B.1.8 Dataset 7: Bird Abundance in Forest Landscapes

File: RDS/birds.rds

Used in: Chapter 11 (Generalised Linear Mixed Models)

Description: A simulated ecological survey of bird abundance across three landscape types (agricultural matrix, fragmented forest, and continuous forest). The focal species is a forest interior specialist that is genuinely absent from many agricultural sites (structural zeros), creating a zero-inflated count response that motivates the use of negative binomial and zero-inflated GLMMs. Five transects are surveyed within each of 24 sites (8 per landscape type).

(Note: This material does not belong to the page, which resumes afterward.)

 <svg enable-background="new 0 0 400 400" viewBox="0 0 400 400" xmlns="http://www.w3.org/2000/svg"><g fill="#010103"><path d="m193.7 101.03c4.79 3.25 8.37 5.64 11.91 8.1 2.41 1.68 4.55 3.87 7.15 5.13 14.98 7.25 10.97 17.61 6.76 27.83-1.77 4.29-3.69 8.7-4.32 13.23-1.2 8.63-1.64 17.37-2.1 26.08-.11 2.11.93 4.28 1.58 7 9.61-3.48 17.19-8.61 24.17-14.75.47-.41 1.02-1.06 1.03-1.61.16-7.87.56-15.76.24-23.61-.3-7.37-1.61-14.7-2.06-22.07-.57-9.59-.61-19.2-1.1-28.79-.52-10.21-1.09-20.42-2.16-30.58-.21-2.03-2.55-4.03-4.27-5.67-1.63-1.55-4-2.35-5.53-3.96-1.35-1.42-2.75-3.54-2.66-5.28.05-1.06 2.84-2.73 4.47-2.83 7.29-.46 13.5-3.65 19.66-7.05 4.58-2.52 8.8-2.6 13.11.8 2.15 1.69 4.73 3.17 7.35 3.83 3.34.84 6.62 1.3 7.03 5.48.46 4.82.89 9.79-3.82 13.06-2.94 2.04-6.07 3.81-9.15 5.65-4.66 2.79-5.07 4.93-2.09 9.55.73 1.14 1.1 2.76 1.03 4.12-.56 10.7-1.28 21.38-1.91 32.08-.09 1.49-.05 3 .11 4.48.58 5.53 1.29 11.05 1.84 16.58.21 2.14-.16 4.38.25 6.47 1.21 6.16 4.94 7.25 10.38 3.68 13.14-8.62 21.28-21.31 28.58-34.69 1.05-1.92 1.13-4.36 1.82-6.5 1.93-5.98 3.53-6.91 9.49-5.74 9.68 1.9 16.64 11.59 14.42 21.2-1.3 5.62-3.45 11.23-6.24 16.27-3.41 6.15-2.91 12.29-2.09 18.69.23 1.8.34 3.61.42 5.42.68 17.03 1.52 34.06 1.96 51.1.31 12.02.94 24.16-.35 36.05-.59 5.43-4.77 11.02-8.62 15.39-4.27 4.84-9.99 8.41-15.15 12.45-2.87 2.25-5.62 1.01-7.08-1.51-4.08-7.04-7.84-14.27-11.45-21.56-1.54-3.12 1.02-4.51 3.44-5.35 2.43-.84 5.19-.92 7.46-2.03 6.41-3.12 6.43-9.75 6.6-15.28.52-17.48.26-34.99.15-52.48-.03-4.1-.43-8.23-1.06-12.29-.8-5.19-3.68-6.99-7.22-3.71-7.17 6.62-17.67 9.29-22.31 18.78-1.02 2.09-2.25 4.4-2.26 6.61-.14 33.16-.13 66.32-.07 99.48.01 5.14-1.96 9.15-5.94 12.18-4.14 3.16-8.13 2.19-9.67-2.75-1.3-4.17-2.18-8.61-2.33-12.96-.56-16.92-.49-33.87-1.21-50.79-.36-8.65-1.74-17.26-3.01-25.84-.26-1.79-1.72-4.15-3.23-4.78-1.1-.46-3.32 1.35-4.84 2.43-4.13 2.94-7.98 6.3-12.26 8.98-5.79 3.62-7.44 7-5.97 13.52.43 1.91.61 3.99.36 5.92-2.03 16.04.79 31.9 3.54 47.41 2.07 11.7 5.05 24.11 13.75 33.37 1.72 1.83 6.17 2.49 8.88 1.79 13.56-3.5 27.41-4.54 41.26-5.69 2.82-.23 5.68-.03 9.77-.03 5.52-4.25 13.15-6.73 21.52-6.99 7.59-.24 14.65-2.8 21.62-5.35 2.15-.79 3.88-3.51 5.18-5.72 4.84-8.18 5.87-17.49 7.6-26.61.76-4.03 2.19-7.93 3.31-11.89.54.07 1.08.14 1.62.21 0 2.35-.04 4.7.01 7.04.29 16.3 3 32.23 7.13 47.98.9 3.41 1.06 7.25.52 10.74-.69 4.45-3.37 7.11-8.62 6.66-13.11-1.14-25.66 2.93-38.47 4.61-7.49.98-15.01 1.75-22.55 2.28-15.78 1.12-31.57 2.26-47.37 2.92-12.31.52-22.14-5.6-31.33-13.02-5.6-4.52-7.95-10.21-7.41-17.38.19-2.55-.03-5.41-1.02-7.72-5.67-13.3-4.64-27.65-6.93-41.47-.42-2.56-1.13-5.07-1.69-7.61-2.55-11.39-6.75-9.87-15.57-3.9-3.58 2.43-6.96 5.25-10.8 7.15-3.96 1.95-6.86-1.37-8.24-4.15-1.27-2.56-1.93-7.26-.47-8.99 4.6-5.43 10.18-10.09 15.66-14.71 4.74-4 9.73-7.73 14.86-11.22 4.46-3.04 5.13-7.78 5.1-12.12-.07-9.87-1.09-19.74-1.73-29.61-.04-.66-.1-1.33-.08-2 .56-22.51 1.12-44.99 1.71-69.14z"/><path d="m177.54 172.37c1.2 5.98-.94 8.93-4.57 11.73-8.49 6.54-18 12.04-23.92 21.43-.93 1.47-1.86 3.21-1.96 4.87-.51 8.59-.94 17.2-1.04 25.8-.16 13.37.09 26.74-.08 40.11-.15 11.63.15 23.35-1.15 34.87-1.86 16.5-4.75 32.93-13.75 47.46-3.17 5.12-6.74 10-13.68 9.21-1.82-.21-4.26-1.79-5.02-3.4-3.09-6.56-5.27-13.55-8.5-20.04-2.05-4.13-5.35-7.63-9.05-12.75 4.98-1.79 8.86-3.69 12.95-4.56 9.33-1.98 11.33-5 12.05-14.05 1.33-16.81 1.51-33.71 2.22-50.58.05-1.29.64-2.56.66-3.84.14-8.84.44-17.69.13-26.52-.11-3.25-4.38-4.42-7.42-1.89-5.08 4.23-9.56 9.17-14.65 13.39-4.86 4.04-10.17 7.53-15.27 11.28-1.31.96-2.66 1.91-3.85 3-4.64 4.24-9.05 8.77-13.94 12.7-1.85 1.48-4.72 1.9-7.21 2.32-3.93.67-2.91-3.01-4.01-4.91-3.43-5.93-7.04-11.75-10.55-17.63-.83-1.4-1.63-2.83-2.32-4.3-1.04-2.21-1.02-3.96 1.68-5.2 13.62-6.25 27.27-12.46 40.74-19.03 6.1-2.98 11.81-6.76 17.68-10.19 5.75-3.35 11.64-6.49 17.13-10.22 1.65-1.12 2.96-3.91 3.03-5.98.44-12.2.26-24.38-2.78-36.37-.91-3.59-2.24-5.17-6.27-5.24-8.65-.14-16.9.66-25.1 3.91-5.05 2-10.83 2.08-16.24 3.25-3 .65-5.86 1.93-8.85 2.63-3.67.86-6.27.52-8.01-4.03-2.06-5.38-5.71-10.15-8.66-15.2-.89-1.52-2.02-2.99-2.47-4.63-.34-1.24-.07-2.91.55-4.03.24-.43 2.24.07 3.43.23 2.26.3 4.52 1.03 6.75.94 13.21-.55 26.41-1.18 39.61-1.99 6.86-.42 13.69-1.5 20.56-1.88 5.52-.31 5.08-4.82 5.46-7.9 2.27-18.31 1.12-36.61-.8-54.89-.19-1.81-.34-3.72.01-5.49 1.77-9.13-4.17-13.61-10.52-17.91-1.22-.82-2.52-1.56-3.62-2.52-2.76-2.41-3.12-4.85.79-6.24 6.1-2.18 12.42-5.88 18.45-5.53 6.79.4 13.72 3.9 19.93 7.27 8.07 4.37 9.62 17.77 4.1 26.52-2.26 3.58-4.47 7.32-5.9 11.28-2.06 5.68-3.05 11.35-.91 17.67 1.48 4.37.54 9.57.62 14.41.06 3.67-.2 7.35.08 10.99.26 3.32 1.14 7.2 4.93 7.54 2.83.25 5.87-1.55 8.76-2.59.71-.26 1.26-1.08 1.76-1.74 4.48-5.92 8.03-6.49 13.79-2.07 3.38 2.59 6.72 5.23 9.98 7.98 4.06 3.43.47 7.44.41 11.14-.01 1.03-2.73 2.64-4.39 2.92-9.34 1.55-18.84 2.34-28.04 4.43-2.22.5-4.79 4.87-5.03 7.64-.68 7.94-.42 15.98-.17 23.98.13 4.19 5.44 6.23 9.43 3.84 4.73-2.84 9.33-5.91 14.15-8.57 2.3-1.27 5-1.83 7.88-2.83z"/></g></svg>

Design: Hierarchical count survey. 3 landscape types × 8 sites per landscape × 5 transects per site = 120 observations.

Variables:

Variable	Type	Description
`count`	Integer	Number of individuals detected per transect
`landscape`	Factor	Landscape type (Agricultural / Fragmented / Continuous)
`site`	Factor	Site identifier (Agr1—Agr8, Fra1—Fra8, Con1—Con8)
`transect`	Factor	Transect number within site (1—5)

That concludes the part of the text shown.